X: number of recommended move; Y: percent of the recommended move wins
The epsilon greedy algorithm in short term is better than the A/B testing. When epsilon is equal to 0.1, it converges faster but only converges around 70%. This is because the epsilon greedy algorithm balances the exploration and exploitation through epsilon. The epsilon value decides the fraction of time the algorithm will be used on exploration, but this fraction is constant for the same bandit. When the epsilon value is set to 0.02, it will spend more time on exploration but the curve converges at a higher position which resulted in a better performance in long term.
In Figure 5, it seems that A/B testing achieved a better result than the epsilon greedy in long term even for the epsilon value set to 0.02. However, epsilon greed is still a better algorithm. The reason for this is that the test period is small.

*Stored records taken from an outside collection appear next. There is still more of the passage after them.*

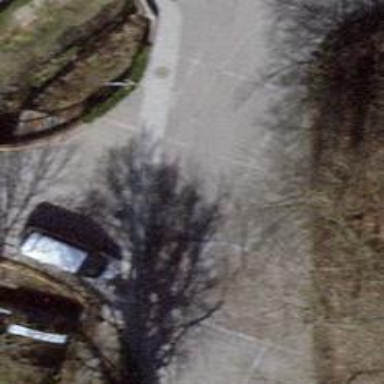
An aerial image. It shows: Smooth asphalt road in residential area.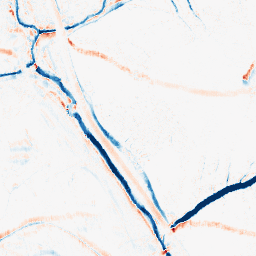
Category: morphological
Decomposition family: morphological_ellipse
Decomposition parameters: operation: average
width: 10
height: 5
Upsampling method: sinc_hamming
Upsampling parameters: scale: 4
kernel_size: 16
Upsampling scale: 4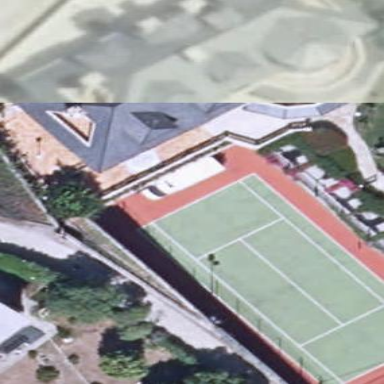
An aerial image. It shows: Tennis court on pitch.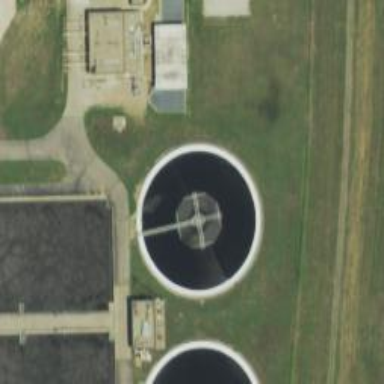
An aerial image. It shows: Basin for wastewater.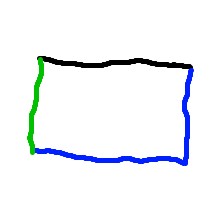
Shape: rectangle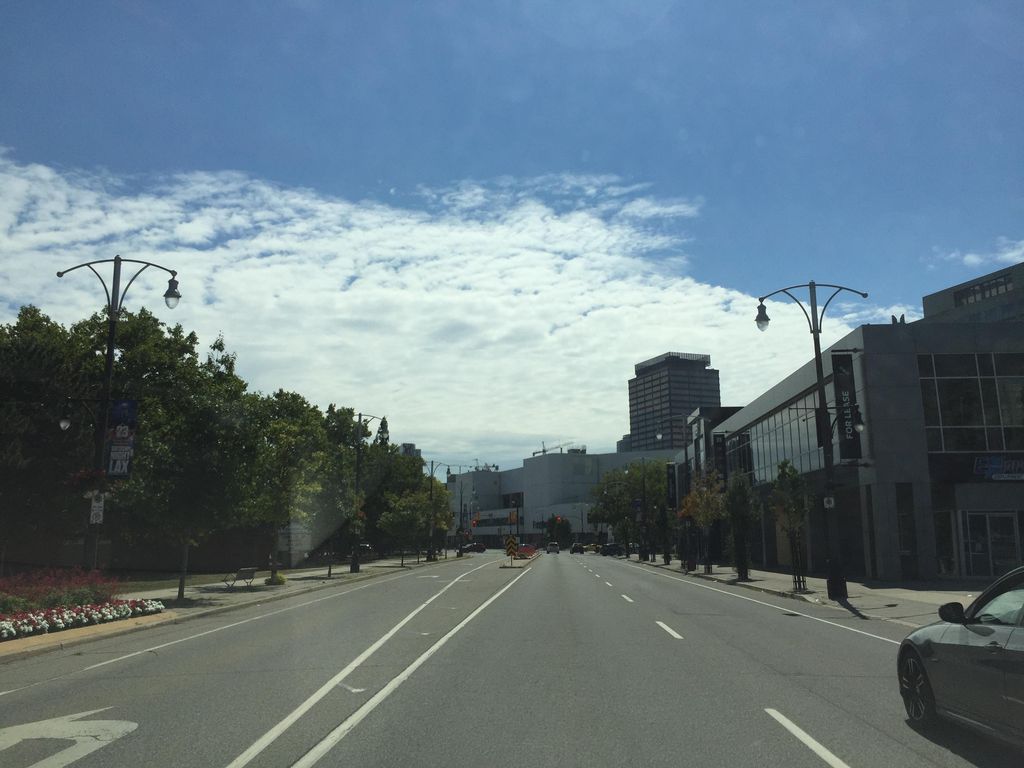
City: hamilton

The n\_visit is set to 300 in Figure 5. When the test period sets to a larger value, 2000; in Figure 6, the performance of the epsilon greedy and Thompson sampling is not affected, but the A/B testing is hugely affected. It is obvious that epsilon greedy was way better than the A/B testing.
Thompson sampling is the best one out of all the three algorithms in both the short term and long term. It is because of its dynamic rate of exploration. It will explore more often in the beginning and explore less often through time, thus giving it high performance in both the short term and the long term.
Figure 6. The learning result of the opening strategy in white’s perspective in first turn.
N-visit (test period) is set to 2000.
X: number of recommended moves; Y: percent of the recommended move wins
Since Thompson sampling has the best performance, it is chosen to analyze the result. First, the ten openings which have the highest mean reward was chosen, and I use the stack plot to plot out the graph.
Figure 7. Thompson Sampling result of the white opening strategy.
X: number of recommended move; Y: percent of the recommended move wins
In Figure 7, it is obvious to see that the first seven openings all achieved a win rate of around 70 to 80%. The last three openings have decreasing win rate. Among all of those, Tarrasch Defense is the opening that achieves the highest win rate. The result of all the experiments showed the recommended strong opening for the white side, and showed the Thompson sampling algorithm's performance.
5. Conclusion
In conclusion, this paper uses three multi-armed bandit algorithms to analyze the opening in chess. Simulations of the chess opening move clearly demonstrated that all three algorithms can reduce regret. Among these algorithms, Thompson sampling has the best performance overall. However, based on the No Free Launch Theorem, different situations still require different algorithms. Sometimes we want the algorithm to converge faster and sometimes we want better overall results. Even A/B tests are still a good tool to use in some situations. An important consideration is that the bandits algorithm will reduce the inferior usage which takes a longer time to establish the statistical significance of their performance. So programmers need to consider the trade-off of these algorithms for different situations.
This paper also uses the Thompson sampling to find out the most recommended opening for white. This paper still has room for improvement. The reward is from the white's perspective, and it also can be done from the black's perspective by reversing the reward. The paper also only analyses the opening. A good opening might give one advantage, but it does not mean it can help you win the game easily. Besides the openings, more steps can be considered and get a more macro view of the whole game.